LEXINGTON, Ky. (LEX 18) — The mental health effects of the ongoing pandemic are weighing on everyone, including children.
"Recent articles published just this summer have shown that children and adolescent anxiety have doubled since the beginning of the pandemic," said Dr. Michelle Martel, the Director of Clinical Training at the University of Kentucky and a licensed clinical child psychologist.
The COVID-19 pandemic is fueling feelings of stress, fear, grief, and general uncertainty about the future, meaning it is more important than ever to pay attention to signs children may be struggling with their mental health.
"It's very stressful for kids and parents alike," Dr. Martel said. "There's quarantines, significant life events, social anxiety, and concern about germs."
While some signs of stress and anxiety may present as increased irritability or self-isolation, Dr. Martel explained young children could express somatic symptoms.
"Especially younger kids may not be able to tell you that they feel worried or stressed. They may instead complain about stomach aches or headaches," she said. "Kids will often report things that are more like in their body than they will in terms of their feelings."

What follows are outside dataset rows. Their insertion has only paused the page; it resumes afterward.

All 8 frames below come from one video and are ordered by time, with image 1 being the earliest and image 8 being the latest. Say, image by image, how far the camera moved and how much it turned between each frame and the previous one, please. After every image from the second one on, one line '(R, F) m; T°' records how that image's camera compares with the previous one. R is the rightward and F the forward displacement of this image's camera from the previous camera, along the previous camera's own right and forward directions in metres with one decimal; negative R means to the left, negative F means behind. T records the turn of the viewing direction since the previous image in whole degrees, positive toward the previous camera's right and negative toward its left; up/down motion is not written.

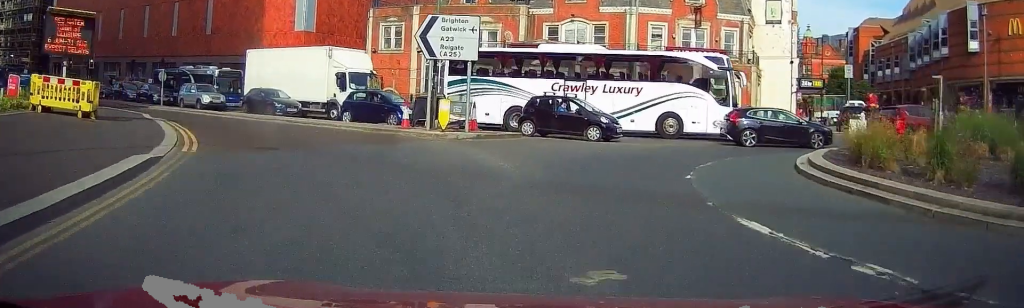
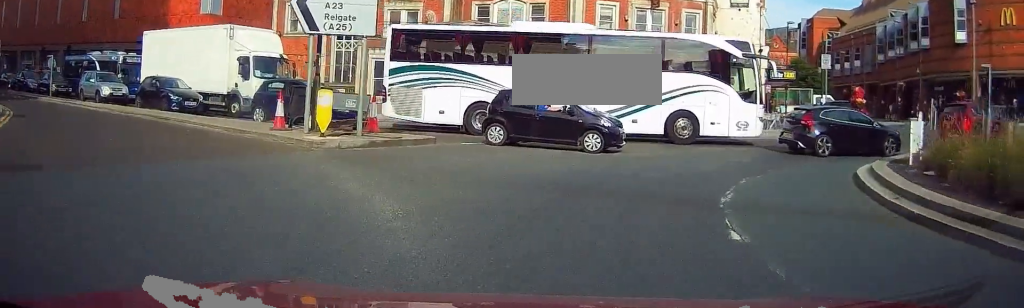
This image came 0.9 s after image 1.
(+0.1, +5.5) m; +5°
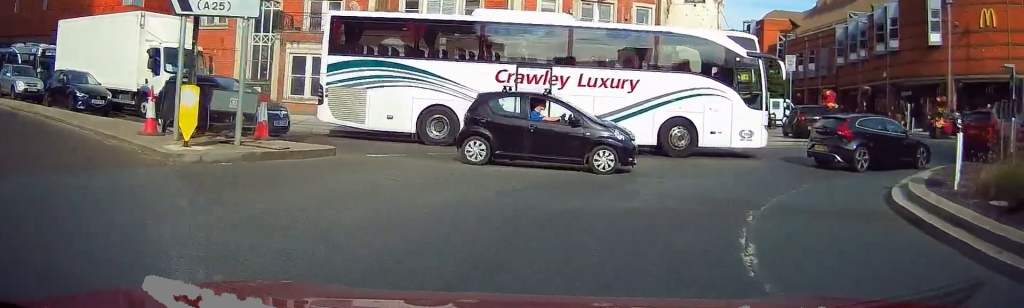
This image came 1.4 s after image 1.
(0.0, +2.9) m; +5°
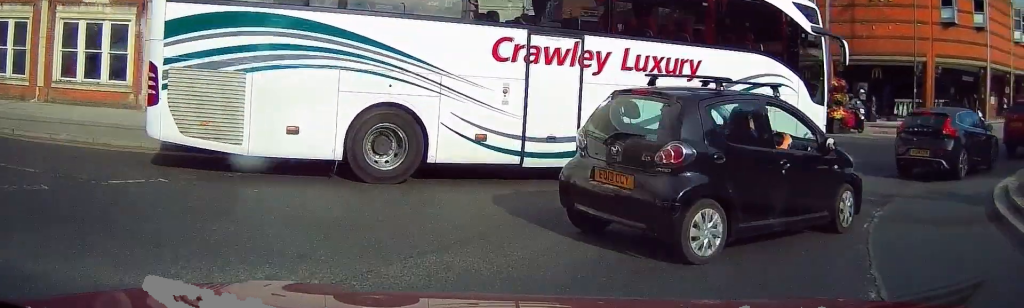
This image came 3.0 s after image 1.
(+1.1, +8.0) m; +14°
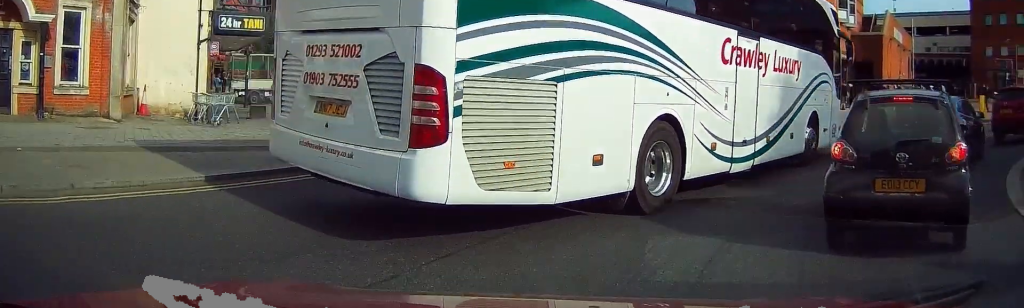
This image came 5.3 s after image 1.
(+1.3, +6.5) m; +19°
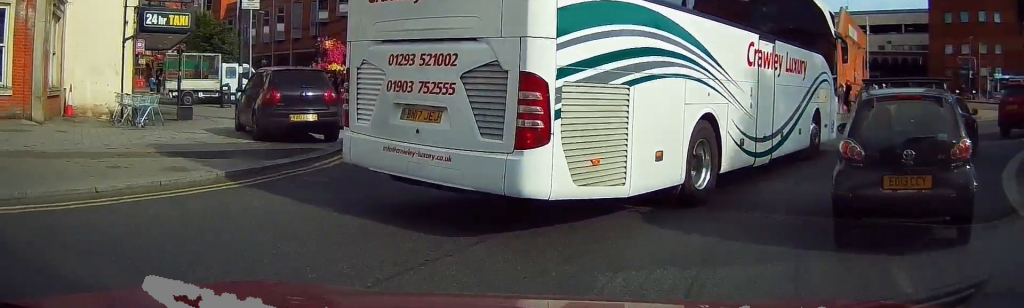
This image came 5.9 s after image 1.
(0.0, +1.3) m; +6°
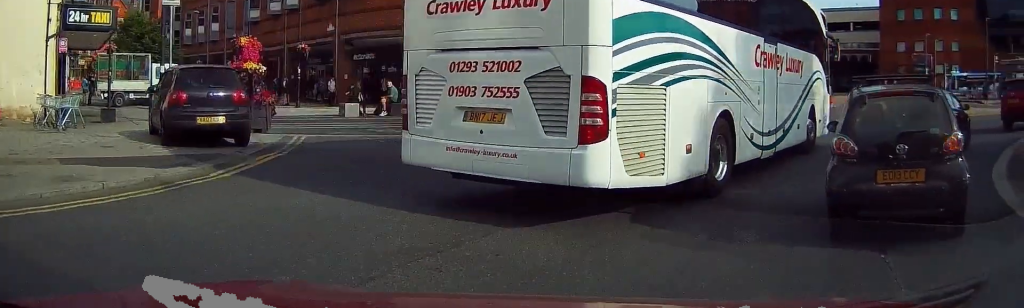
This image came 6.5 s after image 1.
(-0.2, +1.3) m; +8°
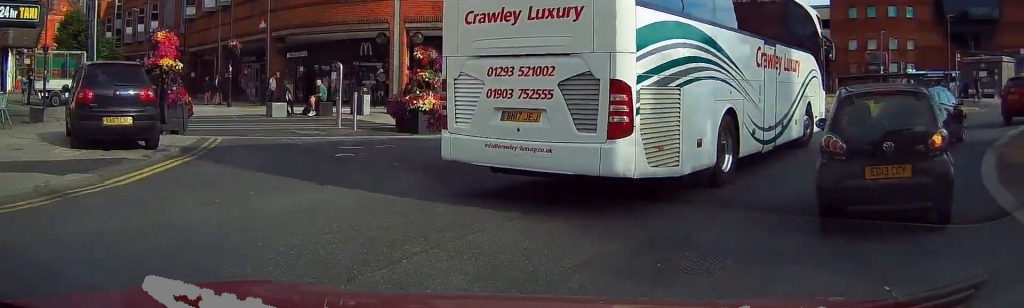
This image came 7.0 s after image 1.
(+0.3, +1.3) m; +9°

Dr. Martel said parents can help their children cope with anxiety by acknowledging complex feelings when they come up.
"You know, talking about my own feelings and inviting them to express their feelings knowing there are no wrong feelings," she said. "Incorporate some kind of check-in at the end of the day. That's really helpful because it'll give your kid a chance to vent anything they need to vent about and you and so that you are made aware of problems as soon as they come up."
Pediatric hospitalizations from COVID-19 are on the rise, but deaths in children remain uncommon. However, children may express worry about what happens if they or a family member get sick.

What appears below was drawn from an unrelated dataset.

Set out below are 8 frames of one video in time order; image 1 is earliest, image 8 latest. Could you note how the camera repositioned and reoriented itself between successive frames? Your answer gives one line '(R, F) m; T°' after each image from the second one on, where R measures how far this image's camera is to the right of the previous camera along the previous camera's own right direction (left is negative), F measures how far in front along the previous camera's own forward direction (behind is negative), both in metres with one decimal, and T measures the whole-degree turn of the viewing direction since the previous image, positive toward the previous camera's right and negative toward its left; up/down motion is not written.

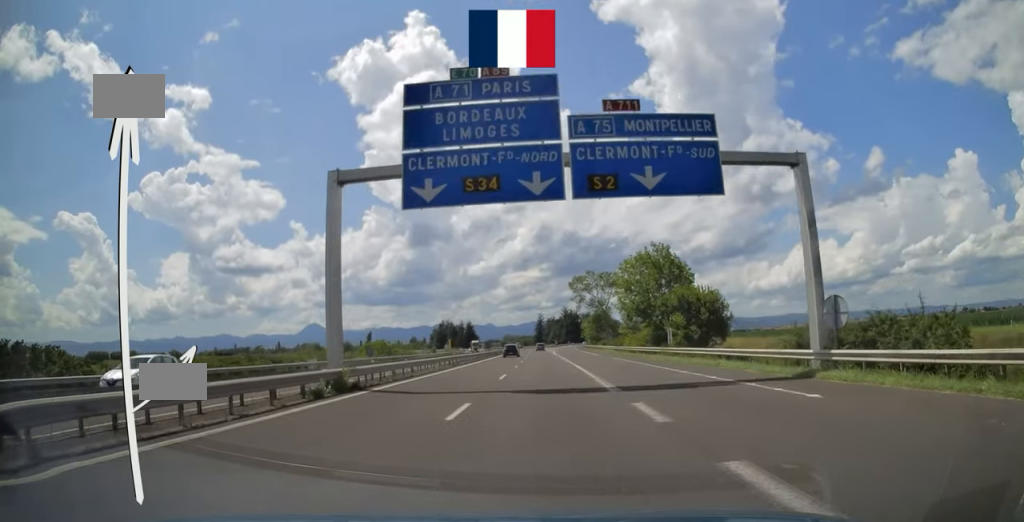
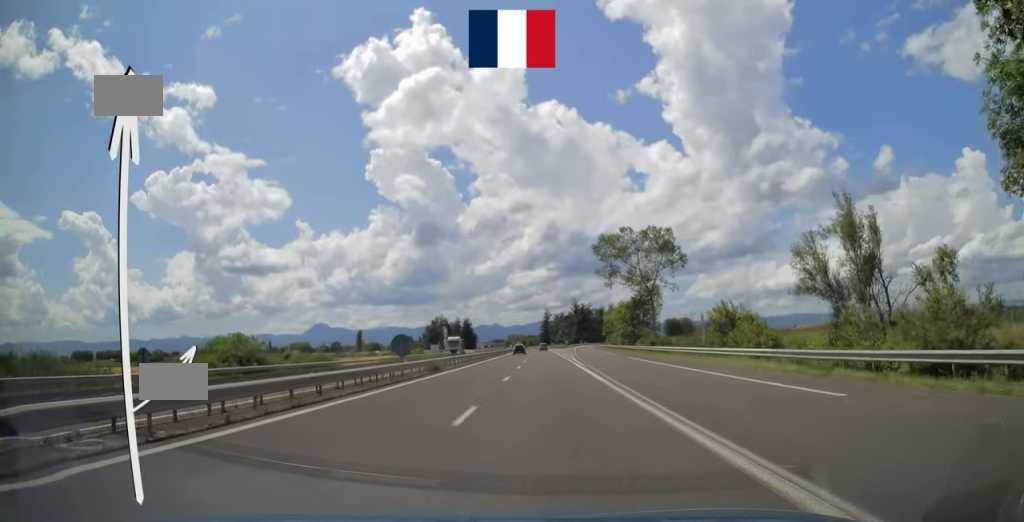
(-0.7, +51.5) m; -1°
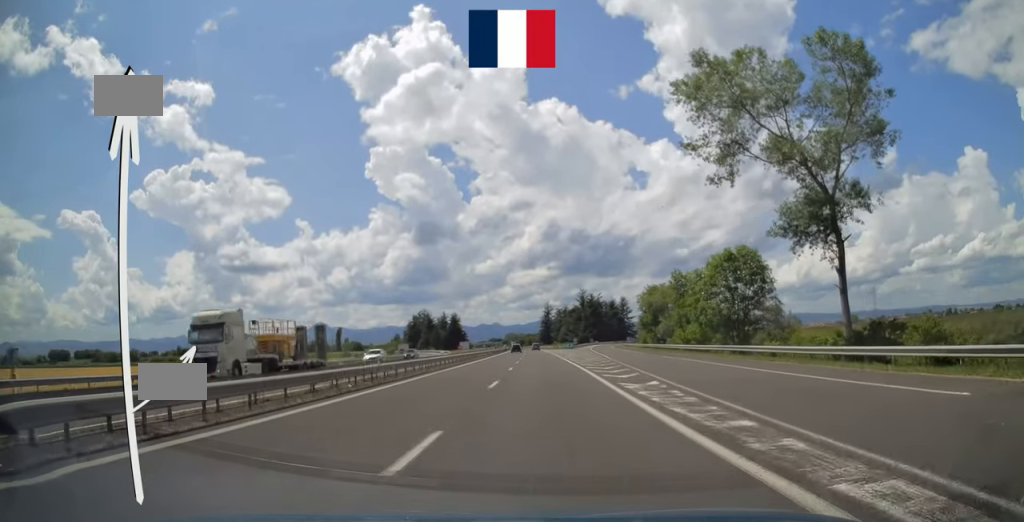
(0.0, +54.1) m; 0°
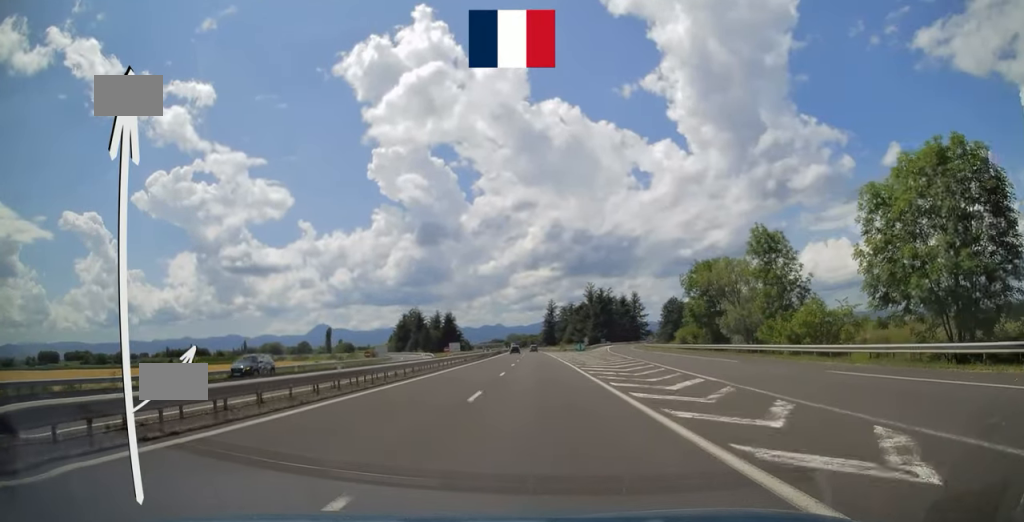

"Follow your kid's lead. If they ask you about it, talk to them about it," Dr. Martel said. "I always try to be very honest. I do note, I think accurately, that the risk is low for them, but I am also honest that for people with health conditions or older people there is a bigger risk."
She said teaching kids there are precautions they can take to protect themselves and those around them, like wearing masks and social distancing, can make children feel safer and help reduce anxiety.
Keeping a positive outlook and attitude through difficult moments and conversations can also help, according to Dr. Martel.
"The extent that you can stay calm and comforting will go a long way with your kids," she said. "Mostly, just be kind to yourself. Every day does feel like a fire alarm, and if you're struggling, you're not alone."
Parents can also be proactive in creating an environment their children can thrive in by establishing and maintaining routines. Dr. Martel recommends creating a consistent, soothing bedtime routine and carving time out to participate in social activities.
"The structure is really comforting to them," Dr. Martel said.
Dr. Martel emphasized if you or your child are struggling to cope with stress and anxiety, you can always turn to a mental health professional to help.